The next question is from the line of Pathanjali Srinivasan from Mirabilis Investment Trust.

Pathanjali Srinivasan

analyst
#70

Sir, the first thing I'd like to know is that your gross margins have kind of gone up compared to the last year but I am not able to understand correctly whether it's because of your increase in private label or is it because the branded pharma has also picked up comparatively?

Madhukar Gangadi

executive
#71

Branded pharma picking up does not really increase the margin very much because the incoming margins have been more or less same and we are actually seeing that more and more people are now going above 1,000 and actually getting a slightly higher discount. So I don't think it is because of that. On the other hand, private label has gone up especially for medicines out there and it has actually gone up from 10% to 12% overall price levels with the medicines alone going up from 5.5% something like that to 7% or more.

Pathanjali Srinivasan

analyst
#72

Previously you are saying of 10%, 5.5% was only medicines and now it's gone up to 7.5%?

Madhukar Gangadi

executive
#73

That's right.

Pathanjali Srinivasan

analyst
#74

One more thing. You have previously mentioned like there was not much benefit we got because of COVID because some segments like operations related medicines and all of that we were not selling because all the surgeries and all had come to a standstill. Has that part of the business picked up in this quarter?

Madhukar Gangadi

executive
#75

So I think business is coming back to normal. Although I must say that January was not normal at all.

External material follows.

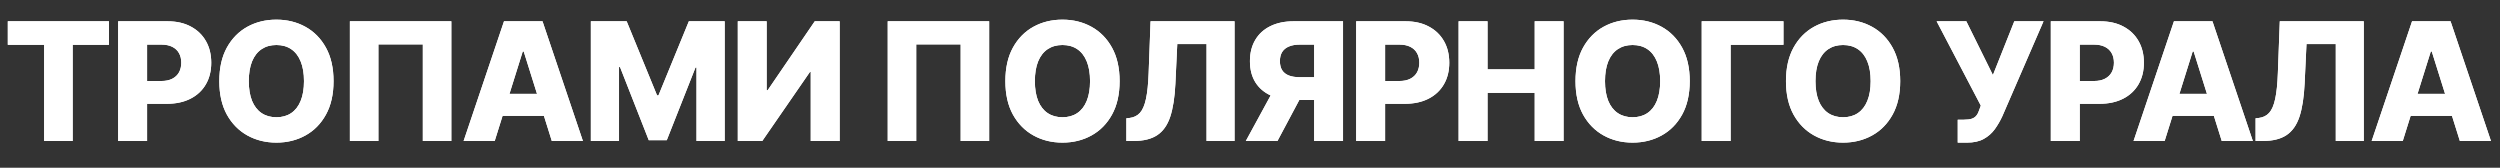 <?xml version="1.0" encoding="UTF-8"?> <svg xmlns="http://www.w3.org/2000/svg" width="626" height="42" viewBox="0 0 626 42" fill="none"><rect x="0" y="0" width="626" height="42" fill="#333333" stroke="none"/><g style="mix-blend-mode:luminosity"><path d="M1.953 11.213V5.33H27.285V11.213H18.197V35.3H11.055V11.213H1.953ZM29.586 35.3V5.33H41.967C44.211 5.33 46.147 5.769 47.776 6.647C49.415 7.515 50.679 8.73 51.567 10.291C52.454 11.842 52.898 13.647 52.898 15.705C52.898 17.774 52.445 19.584 51.537 21.135C50.64 22.676 49.357 23.871 47.688 24.72C46.02 25.569 44.04 25.993 41.747 25.993H34.108V20.286H40.401C41.493 20.286 42.406 20.096 43.137 19.715C43.879 19.335 44.44 18.803 44.82 18.12C45.201 17.427 45.391 16.622 45.391 15.705C45.391 14.779 45.201 13.979 44.82 13.305C44.44 12.623 43.879 12.096 43.137 11.725C42.396 11.354 41.484 11.169 40.401 11.169H36.83V35.3H29.586ZM83.52 20.315C83.52 23.613 82.886 26.408 81.618 28.701C80.35 30.993 78.633 32.735 76.467 33.925C74.311 35.115 71.891 35.71 69.208 35.71C66.516 35.71 64.091 35.11 61.935 33.91C59.779 32.71 58.067 30.969 56.799 28.686C55.54 26.393 54.911 23.603 54.911 20.315C54.911 17.018 55.54 14.223 56.799 11.93C58.067 9.637 59.779 7.896 61.935 6.705C64.091 5.515 66.516 4.92 69.208 4.92C71.891 4.92 74.311 5.515 76.467 6.705C78.633 7.896 80.35 9.637 81.618 11.93C82.886 14.223 83.52 17.018 83.52 20.315ZM76.116 20.315C76.116 18.364 75.838 16.715 75.281 15.369C74.735 14.023 73.945 13.003 72.911 12.31C71.886 11.618 70.652 11.271 69.208 11.271C67.774 11.271 66.54 11.618 65.506 12.31C64.472 13.003 63.677 14.023 63.12 15.369C62.574 16.715 62.301 18.364 62.301 20.315C62.301 22.266 62.574 23.915 63.12 25.262C63.677 26.608 64.472 27.627 65.506 28.32C66.54 29.013 67.774 29.359 69.208 29.359C70.652 29.359 71.886 29.013 72.911 28.32C73.945 27.627 74.735 26.608 75.281 25.262C75.838 23.915 76.116 22.266 76.116 20.315ZM113.016 5.33V35.3H105.874V11.125H94.752V35.3H87.611V5.33H113.016ZM123.875 35.3H116.089L126.202 5.33H135.845L145.958 35.3H138.172L131.133 12.881H130.899L123.875 35.3ZM122.836 23.505H139.109V29.008H122.836V23.505ZM147.948 5.33H156.919L164.529 23.886H164.88L172.49 5.33H181.46V35.3H174.407V16.891H174.158L166.958 35.11H162.451L155.251 16.788H155.002V35.3H147.948V5.33ZM184.742 5.33H191.972V22.598H192.22L204.016 5.33H210.25V35.3H203.006V18.003H202.816L190.874 35.3H184.742V5.33ZM247.688 5.33V35.3H240.547V11.125H229.425V35.3H222.283V5.33H247.688ZM280.352 20.315C280.352 23.613 279.718 26.408 278.449 28.701C277.181 30.993 275.464 32.735 273.298 33.925C271.142 35.115 268.723 35.71 266.04 35.71C263.347 35.71 260.923 35.11 258.766 33.91C256.61 32.71 254.898 30.969 253.63 28.686C252.371 26.393 251.742 23.603 251.742 20.315C251.742 17.018 252.371 14.223 253.63 11.93C254.898 9.637 256.61 7.896 258.766 6.705C260.923 5.515 263.347 4.92 266.04 4.92C268.723 4.92 271.142 5.515 273.298 6.705C275.464 7.896 277.181 9.637 278.449 11.93C279.718 14.223 280.352 17.018 280.352 20.315ZM272.947 20.315C272.947 18.364 272.669 16.715 272.113 15.369C271.566 14.023 270.776 13.003 269.742 12.31C268.718 11.618 267.484 11.271 266.04 11.271C264.605 11.271 263.371 11.618 262.337 12.31C261.303 13.003 260.508 14.023 259.952 15.369C259.405 16.715 259.132 18.364 259.132 20.315C259.132 22.266 259.405 23.915 259.952 25.262C260.508 26.608 261.303 27.627 262.337 28.32C263.371 29.013 264.605 29.359 266.04 29.359C267.484 29.359 268.718 29.013 269.742 28.32C270.776 27.627 271.566 26.608 272.113 25.262C272.669 23.915 272.947 22.266 272.947 20.315ZM282.042 35.3V29.622L282.862 29.535C283.916 29.408 284.774 28.983 285.437 28.262C286.101 27.53 286.603 26.369 286.945 24.779C287.296 23.179 287.52 21.018 287.618 18.296L288.101 5.33H309.13V35.3H302.12V11.037H294.789L294.32 20.959C294.155 24.384 293.72 27.149 293.018 29.257C292.316 31.354 291.228 32.886 289.755 33.852C288.291 34.818 286.325 35.3 283.857 35.3H282.042ZM336.295 35.3H329.066V11.169H325.495C324.412 11.169 323.5 11.325 322.759 11.637C322.017 11.94 321.451 12.398 321.061 13.013C320.68 13.618 320.49 14.383 320.49 15.31C320.49 16.237 320.68 16.998 321.061 17.593C321.441 18.179 322.002 18.618 322.744 18.91C323.495 19.193 324.407 19.335 325.48 19.335H331.963V25.042H324.149C321.866 25.042 319.885 24.666 318.207 23.915C316.539 23.154 315.251 22.052 314.344 20.608C313.437 19.154 312.983 17.388 312.983 15.31C312.983 13.261 313.427 11.491 314.315 9.998C315.202 8.496 316.466 7.344 318.105 6.544C319.744 5.735 321.685 5.33 323.929 5.33H336.295V35.3ZM319.422 21.603H327.178L319.876 35.3H311.959L319.422 21.603ZM339.588 35.3V5.33H351.969C354.212 5.33 356.149 5.769 357.778 6.647C359.417 7.515 360.681 8.73 361.569 10.291C362.456 11.842 362.9 13.647 362.9 15.705C362.9 17.774 362.447 19.584 361.539 21.135C360.642 22.676 359.359 23.871 357.691 24.72C356.022 25.569 354.042 25.993 351.749 25.993H344.11V20.286H350.403C351.495 20.286 352.408 20.096 353.139 19.715C353.881 19.335 354.442 18.803 354.822 18.12C355.203 17.427 355.393 16.622 355.393 15.705C355.393 14.779 355.203 13.979 354.822 13.305C354.442 12.623 353.881 12.096 353.139 11.725C352.398 11.354 351.486 11.169 350.403 11.169H346.832V35.3H339.588ZM365.235 35.3V5.33H372.479V17.359H384.288V5.33H391.518V35.3H384.288V23.257H372.479V35.3H365.235ZM423.113 20.315C423.113 23.613 422.479 26.408 421.211 28.701C419.942 30.993 418.225 32.735 416.059 33.925C413.903 35.115 411.484 35.71 408.801 35.71C406.108 35.71 403.684 35.11 401.528 33.91C399.372 32.71 397.659 30.969 396.391 28.686C395.133 26.393 394.503 23.603 394.503 20.315C394.503 17.018 395.133 14.223 396.391 11.93C397.659 9.637 399.372 7.896 401.528 6.705C403.684 5.515 406.108 4.92 408.801 4.92C411.484 4.92 413.903 5.515 416.059 6.705C418.225 7.896 419.942 9.637 421.211 11.93C422.479 14.223 423.113 17.018 423.113 20.315ZM415.708 20.315C415.708 18.364 415.43 16.715 414.874 15.369C414.328 14.023 413.537 13.003 412.503 12.31C411.479 11.618 410.245 11.271 408.801 11.271C407.367 11.271 406.133 11.618 405.098 12.31C404.064 13.003 403.269 14.023 402.713 15.369C402.167 16.715 401.894 18.364 401.894 20.315C401.894 22.266 402.167 23.915 402.713 25.262C403.269 26.608 404.064 27.627 405.098 28.32C406.133 29.013 407.367 29.359 408.801 29.359C410.245 29.359 411.479 29.013 412.503 28.32C413.537 27.627 414.328 26.608 414.874 25.262C415.43 23.915 415.708 22.266 415.708 20.315ZM446.579 5.33V11.213H433.35V35.3H426.106V5.33H446.579ZM475.815 20.315C475.815 23.613 475.181 26.408 473.912 28.701C472.644 30.993 470.927 32.735 468.761 33.925C466.605 35.115 464.186 35.71 461.503 35.71C458.81 35.71 456.386 35.11 454.23 33.91C452.073 32.71 450.361 30.969 449.093 28.686C447.834 26.393 447.205 23.603 447.205 20.315C447.205 17.018 447.834 14.223 449.093 11.93C450.361 9.637 452.073 7.896 454.23 6.705C456.386 5.515 458.81 4.92 461.503 4.92C464.186 4.92 466.605 5.515 468.761 6.705C470.927 7.896 472.644 9.637 473.912 11.93C475.181 14.223 475.815 17.018 475.815 20.315ZM468.41 20.315C468.41 18.364 468.132 16.715 467.576 15.369C467.03 14.023 466.239 13.003 465.205 12.31C464.181 11.618 462.947 11.271 461.503 11.271C460.069 11.271 458.834 11.618 457.8 12.31C456.766 13.003 455.971 14.023 455.415 15.369C454.869 16.715 454.595 18.364 454.595 20.315C454.595 22.266 454.869 23.915 455.415 25.262C455.971 26.608 456.766 27.627 457.8 28.32C458.834 29.013 460.069 29.359 461.503 29.359C462.947 29.359 464.181 29.013 465.205 28.32C466.239 27.627 467.03 26.608 467.576 25.262C468.132 23.915 468.41 22.266 468.41 20.315ZM490.215 35.71V29.974H491.752C492.581 29.974 493.245 29.891 493.742 29.725C494.25 29.549 494.645 29.271 494.928 28.891C495.22 28.51 495.464 28.003 495.659 27.369L495.996 26.447L484.933 5.33H492.367L499.025 18.793L504.381 5.33H511.698L501.396 29.081C500.859 30.252 500.225 31.344 499.494 32.359C498.762 33.364 497.84 34.174 496.728 34.788C495.625 35.403 494.235 35.71 492.557 35.71H490.215ZM513.521 35.3V5.33H525.901C528.145 5.33 530.082 5.769 531.711 6.647C533.35 7.515 534.613 8.73 535.501 10.291C536.389 11.842 536.833 13.647 536.833 15.705C536.833 17.774 536.379 19.584 535.472 21.135C534.574 22.676 533.291 23.871 531.623 24.72C529.955 25.569 527.974 25.993 525.682 25.993H518.043V20.286H524.335C525.428 20.286 526.34 20.096 527.072 19.715C527.813 19.335 528.374 18.803 528.755 18.12C529.135 17.427 529.326 16.622 529.326 15.705C529.326 14.779 529.135 13.979 528.755 13.305C528.374 12.623 527.813 12.096 527.072 11.725C526.33 11.354 525.418 11.169 524.335 11.169H520.765V35.3H513.521ZM542.028 35.3H534.243L544.355 5.33H553.999L564.111 35.3H556.326L549.287 12.881H549.053L542.028 35.3ZM540.989 23.505H557.262V29.008H540.989V23.505ZM564.799 35.3V29.622L565.619 29.535C566.672 29.408 567.531 28.983 568.194 28.262C568.858 27.53 569.36 26.369 569.702 24.779C570.053 23.179 570.277 21.018 570.375 18.296L570.858 5.33H591.887V35.3H584.877V11.037H577.546L577.077 20.959C576.911 24.384 576.477 27.149 575.775 29.257C575.072 31.354 573.985 32.886 572.511 33.852C571.048 34.818 569.082 35.3 566.614 35.3H564.799ZM601.652 35.3H593.867L603.979 5.33H613.623L623.735 35.3H615.95L608.911 12.881H608.676L601.652 35.3ZM600.613 23.505H616.886V29.008H600.613V23.505Z" fill="white"></path><path d="M1.953 11.213V5.33H27.285V11.213H18.197V35.3H11.055V11.213H1.953ZM29.586 35.3V5.33H41.967C44.211 5.33 46.147 5.769 47.776 6.647C49.415 7.515 50.679 8.73 51.567 10.291C52.454 11.842 52.898 13.647 52.898 15.705C52.898 17.774 52.445 19.584 51.537 21.135C50.64 22.676 49.357 23.871 47.688 24.72C46.02 25.569 44.04 25.993 41.747 25.993H34.108V20.286H40.401C41.493 20.286 42.406 20.096 43.137 19.715C43.879 19.335 44.44 18.803 44.82 18.12C45.201 17.427 45.391 16.622 45.391 15.705C45.391 14.779 45.201 13.979 44.82 13.305C44.44 12.623 43.879 12.096 43.137 11.725C42.396 11.354 41.484 11.169 40.401 11.169H36.83V35.3H29.586ZM83.52 20.315C83.52 23.613 82.886 26.408 81.618 28.701C80.35 30.993 78.633 32.735 76.467 33.925C74.311 35.115 71.891 35.71 69.208 35.71C66.516 35.71 64.091 35.11 61.935 33.91C59.779 32.71 58.067 30.969 56.799 28.686C55.54 26.393 54.911 23.603 54.911 20.315C54.911 17.018 55.54 14.223 56.799 11.93C58.067 9.637 59.779 7.896 61.935 6.705C64.091 5.515 66.516 4.92 69.208 4.92C71.891 4.92 74.311 5.515 76.467 6.705C78.633 7.896 80.35 9.637 81.618 11.93C82.886 14.223 83.52 17.018 83.52 20.315ZM76.116 20.315C76.116 18.364 75.838 16.715 75.281 15.369C74.735 14.023 73.945 13.003 72.911 12.31C71.886 11.618 70.652 11.271 69.208 11.271C67.774 11.271 66.54 11.618 65.506 12.31C64.472 13.003 63.677 14.023 63.12 15.369C62.574 16.715 62.301 18.364 62.301 20.315C62.301 22.266 62.574 23.915 63.12 25.262C63.677 26.608 64.472 27.627 65.506 28.32C66.54 29.013 67.774 29.359 69.208 29.359C70.652 29.359 71.886 29.013 72.911 28.32C73.945 27.627 74.735 26.608 75.281 25.262C75.838 23.915 76.116 22.266 76.116 20.315ZM113.016 5.33V35.3H105.874V11.125H94.752V35.3H87.611V5.33H113.016ZM123.875 35.3H116.089L126.202 5.33H135.845L145.958 35.3H138.172L131.133 12.881H130.899L123.875 35.3ZM122.836 23.505H139.109V29.008H122.836V23.505ZM147.948 5.33H156.919L164.529 23.886H164.88L172.49 5.33H181.46V35.3H174.407V16.891H174.158L166.958 35.11H162.451L155.251 16.788H155.002V35.3H147.948V5.33ZM184.742 5.33H191.972V22.598H192.22L204.016 5.33H210.25V35.3H203.006V18.003H202.816L190.874 35.3H184.742V5.33ZM247.688 5.33V35.3H240.547V11.125H229.425V35.3H222.283V5.33H247.688ZM280.352 20.315C280.352 23.613 279.718 26.408 278.449 28.701C277.181 30.993 275.464 32.735 273.298 33.925C271.142 35.115 268.723 35.71 266.04 35.71C263.347 35.71 260.923 35.11 258.766 33.91C256.61 32.71 254.898 30.969 253.63 28.686C252.371 26.393 251.742 23.603 251.742 20.315C251.742 17.018 252.371 14.223 253.63 11.93C254.898 9.637 256.61 7.896 258.766 6.705C260.923 5.515 263.347 4.92 266.04 4.92C268.723 4.92 271.142 5.515 273.298 6.705C275.464 7.896 277.181 9.637 278.449 11.93C279.718 14.223 280.352 17.018 280.352 20.315ZM272.947 20.315C272.947 18.364 272.669 16.715 272.113 15.369C271.566 14.023 270.776 13.003 269.742 12.31C268.718 11.618 267.484 11.271 266.04 11.271C264.605 11.271 263.371 11.618 262.337 12.31C261.303 13.003 260.508 14.023 259.952 15.369C259.405 16.715 259.132 18.364 259.132 20.315C259.132 22.266 259.405 23.915 259.952 25.262C260.508 26.608 261.303 27.627 262.337 28.32C263.371 29.013 264.605 29.359 266.04 29.359C267.484 29.359 268.718 29.013 269.742 28.32C270.776 27.627 271.566 26.608 272.113 25.262C272.669 23.915 272.947 22.266 272.947 20.315ZM282.042 35.3V29.622L282.862 29.535C283.916 29.408 284.774 28.983 285.437 28.262C286.101 27.53 286.603 26.369 286.945 24.779C287.296 23.179 287.52 21.018 287.618 18.296L288.101 5.33H309.13V35.3H302.12V11.037H294.789L294.32 20.959C294.155 24.384 293.72 27.149 293.018 29.257C292.316 31.354 291.228 32.886 289.755 33.852C288.291 34.818 286.325 35.3 283.857 35.3H282.042ZM336.295 35.3H329.066V11.169H325.495C324.412 11.169 323.5 11.325 322.759 11.637C322.017 11.94 321.451 12.398 321.061 13.013C320.68 13.618 320.49 14.383 320.49 15.31C320.49 16.237 320.68 16.998 321.061 17.593C321.441 18.179 322.002 18.618 322.744 18.91C323.495 19.193 324.407 19.335 325.48 19.335H331.963V25.042H324.149C321.866 25.042 319.885 24.666 318.207 23.915C316.539 23.154 315.251 22.052 314.344 20.608C313.437 19.154 312.983 17.388 312.983 15.31C312.983 13.261 313.427 11.491 314.315 9.998C315.202 8.496 316.466 7.344 318.105 6.544C319.744 5.735 321.685 5.33 323.929 5.33H336.295V35.3ZM319.422 21.603H327.178L319.876 35.3H311.959L319.422 21.603ZM339.588 35.3V5.33H351.969C354.212 5.33 356.149 5.769 357.778 6.647C359.417 7.515 360.681 8.73 361.569 10.291C362.456 11.842 362.9 13.647 362.9 15.705C362.9 17.774 362.447 19.584 361.539 21.135C360.642 22.676 359.359 23.871 357.691 24.72C356.022 25.569 354.042 25.993 351.749 25.993H344.11V20.286H350.403C351.495 20.286 352.408 20.096 353.139 19.715C353.881 19.335 354.442 18.803 354.822 18.12C355.203 17.427 355.393 16.622 355.393 15.705C355.393 14.779 355.203 13.979 354.822 13.305C354.442 12.623 353.881 12.096 353.139 11.725C352.398 11.354 351.486 11.169 350.403 11.169H346.832V35.3H339.588ZM365.235 35.3V5.33H372.479V17.359H384.288V5.33H391.518V35.3H384.288V23.257H372.479V35.3H365.235ZM423.113 20.315C423.113 23.613 422.479 26.408 421.211 28.701C419.942 30.993 418.225 32.735 416.059 33.925C413.903 35.115 411.484 35.71 408.801 35.71C406.108 35.71 403.684 35.11 401.528 33.91C399.372 32.71 397.659 30.969 396.391 28.686C395.133 26.393 394.503 23.603 394.503 20.315C394.503 17.018 395.133 14.223 396.391 11.93C397.659 9.637 399.372 7.896 401.528 6.705C403.684 5.515 406.108 4.92 408.801 4.92C411.484 4.92 413.903 5.515 416.059 6.705C418.225 7.896 419.942 9.637 421.211 11.93C422.479 14.223 423.113 17.018 423.113 20.315ZM415.708 20.315C415.708 18.364 415.43 16.715 414.874 15.369C414.328 14.023 413.537 13.003 412.503 12.31C411.479 11.618 410.245 11.271 408.801 11.271C407.367 11.271 406.133 11.618 405.098 12.31C404.064 13.003 403.269 14.023 402.713 15.369C402.167 16.715 401.894 18.364 401.894 20.315C401.894 22.266 402.167 23.915 402.713 25.262C403.269 26.608 404.064 27.627 405.098 28.32C406.133 29.013 407.367 29.359 408.801 29.359C410.245 29.359 411.479 29.013 412.503 28.32C413.537 27.627 414.328 26.608 414.874 25.262C415.43 23.915 415.708 22.266 415.708 20.315ZM446.579 5.33V11.213H433.35V35.3H426.106V5.33H446.579ZM475.815 20.315C475.815 23.613 475.181 26.408 473.912 28.701C472.644 30.993 470.927 32.735 468.761 33.925C466.605 35.115 464.186 35.71 461.503 35.71C458.81 35.71 456.386 35.11 454.23 33.91C452.073 32.71 450.361 30.969 449.093 28.686C447.834 26.393 447.205 23.603 447.205 20.315C447.205 17.018 447.834 14.223 449.093 11.93C450.361 9.637 452.073 7.896 454.23 6.705C456.386 5.515 458.81 4.92 461.503 4.92C464.186 4.92 466.605 5.515 468.761 6.705C470.927 7.896 472.644 9.637 473.912 11.93C475.181 14.223 475.815 17.018 475.815 20.315ZM468.41 20.315C468.41 18.364 468.132 16.715 467.576 15.369C467.03 14.023 466.239 13.003 465.205 12.31C464.181 11.618 462.947 11.271 461.503 11.271C460.069 11.271 458.834 11.618 457.8 12.31C456.766 13.003 455.971 14.023 455.415 15.369C454.869 16.715 454.595 18.364 454.595 20.315C454.595 22.266 454.869 23.915 455.415 25.262C455.971 26.608 456.766 27.627 457.8 28.32C458.834 29.013 460.069 29.359 461.503 29.359C462.947 29.359 464.181 29.013 465.205 28.32C466.239 27.627 467.03 26.608 467.576 25.262C468.132 23.915 468.41 22.266 468.41 20.315ZM490.215 35.71V29.974H491.752C492.581 29.974 493.245 29.891 493.742 29.725C494.25 29.549 494.645 29.271 494.928 28.891C495.22 28.51 495.464 28.003 495.659 27.369L495.996 26.447L484.933 5.33H492.367L499.025 18.793L504.381 5.33H511.698L501.396 29.081C500.859 30.252 500.225 31.344 499.494 32.359C498.762 33.364 497.84 34.174 496.728 34.788C495.625 35.403 494.235 35.71 492.557 35.71H490.215ZM513.521 35.3V5.33H525.901C528.145 5.33 530.082 5.769 531.711 6.647C533.35 7.515 534.613 8.73 535.501 10.291C536.389 11.842 536.833 13.647 536.833 15.705C536.833 17.774 536.379 19.584 535.472 21.135C534.574 22.676 533.291 23.871 531.623 24.72C529.955 25.569 527.974 25.993 525.682 25.993H518.043V20.286H524.335C525.428 20.286 526.34 20.096 527.072 19.715C527.813 19.335 528.374 18.803 528.755 18.12C529.135 17.427 529.326 16.622 529.326 15.705C529.326 14.779 529.135 13.979 528.755 13.305C528.374 12.623 527.813 12.096 527.072 11.725C526.33 11.354 525.418 11.169 524.335 11.169H520.765V35.3H513.521ZM542.028 35.3H534.243L544.355 5.33H553.999L564.111 35.3H556.326L549.287 12.881H549.053L542.028 35.3ZM540.989 23.505H557.262V29.008H540.989V23.505ZM564.799 35.3V29.622L565.619 29.535C566.672 29.408 567.531 28.983 568.194 28.262C568.858 27.53 569.36 26.369 569.702 24.779C570.053 23.179 570.277 21.018 570.375 18.296L570.858 5.33H591.887V35.3H584.877V11.037H577.546L577.077 20.959C576.911 24.384 576.477 27.149 575.775 29.257C575.072 31.354 573.985 32.886 572.511 33.852C571.048 34.818 569.082 35.3 566.614 35.3H564.799ZM601.652 35.3H593.867L603.979 5.33H613.623L623.735 35.3H615.95L608.911 12.881H608.676L601.652 35.3ZM600.613 23.505H616.886V29.008H600.613V23.505Z" fill="white"></path></g></svg>

But slowly just coming back people are going back to regular consultations and are visiting the pharmacies and everything else, and that's one other reason also why you see a small dip in the overall online customers also. People are now happy coming outside and basically going and buying.

Pathanjali Srinivasan

analyst
#76

Just one last question. Our online business, the share is kind of been little up and down because of COVID and all of that. But will our same stores sales go down or get affected because of this, how do you see that happening?

Madhukar Gangadi

executive
#77

We count it all as one. For us as far as we are concerned, whether it is online or offline, it goes into the stores, probably -- that is overall sales. Sales may go up or down in a store because of several reasons but it is not only about online, I would say.

Operator

operator
#78

Thank you very much. Ladies and gentlemen, we will take that as a last question. I now hand the conference over to the management for closing comments.

Madhukar Gangadi

executive
#79

Thanks, Neerav. Thanks, gentlemen, for taking the time to be on our first call. You can always get in touch with our Investor Relations team for any further questions and all. Otherwise, thank you and have a good day.

Operator

operator
#80

Thank you members of the management. Ladies and gentlemen, on behalf of MedPlus Health Services Limited, that concludes this conference. Thank you for joining us. You may now disconnect your lines.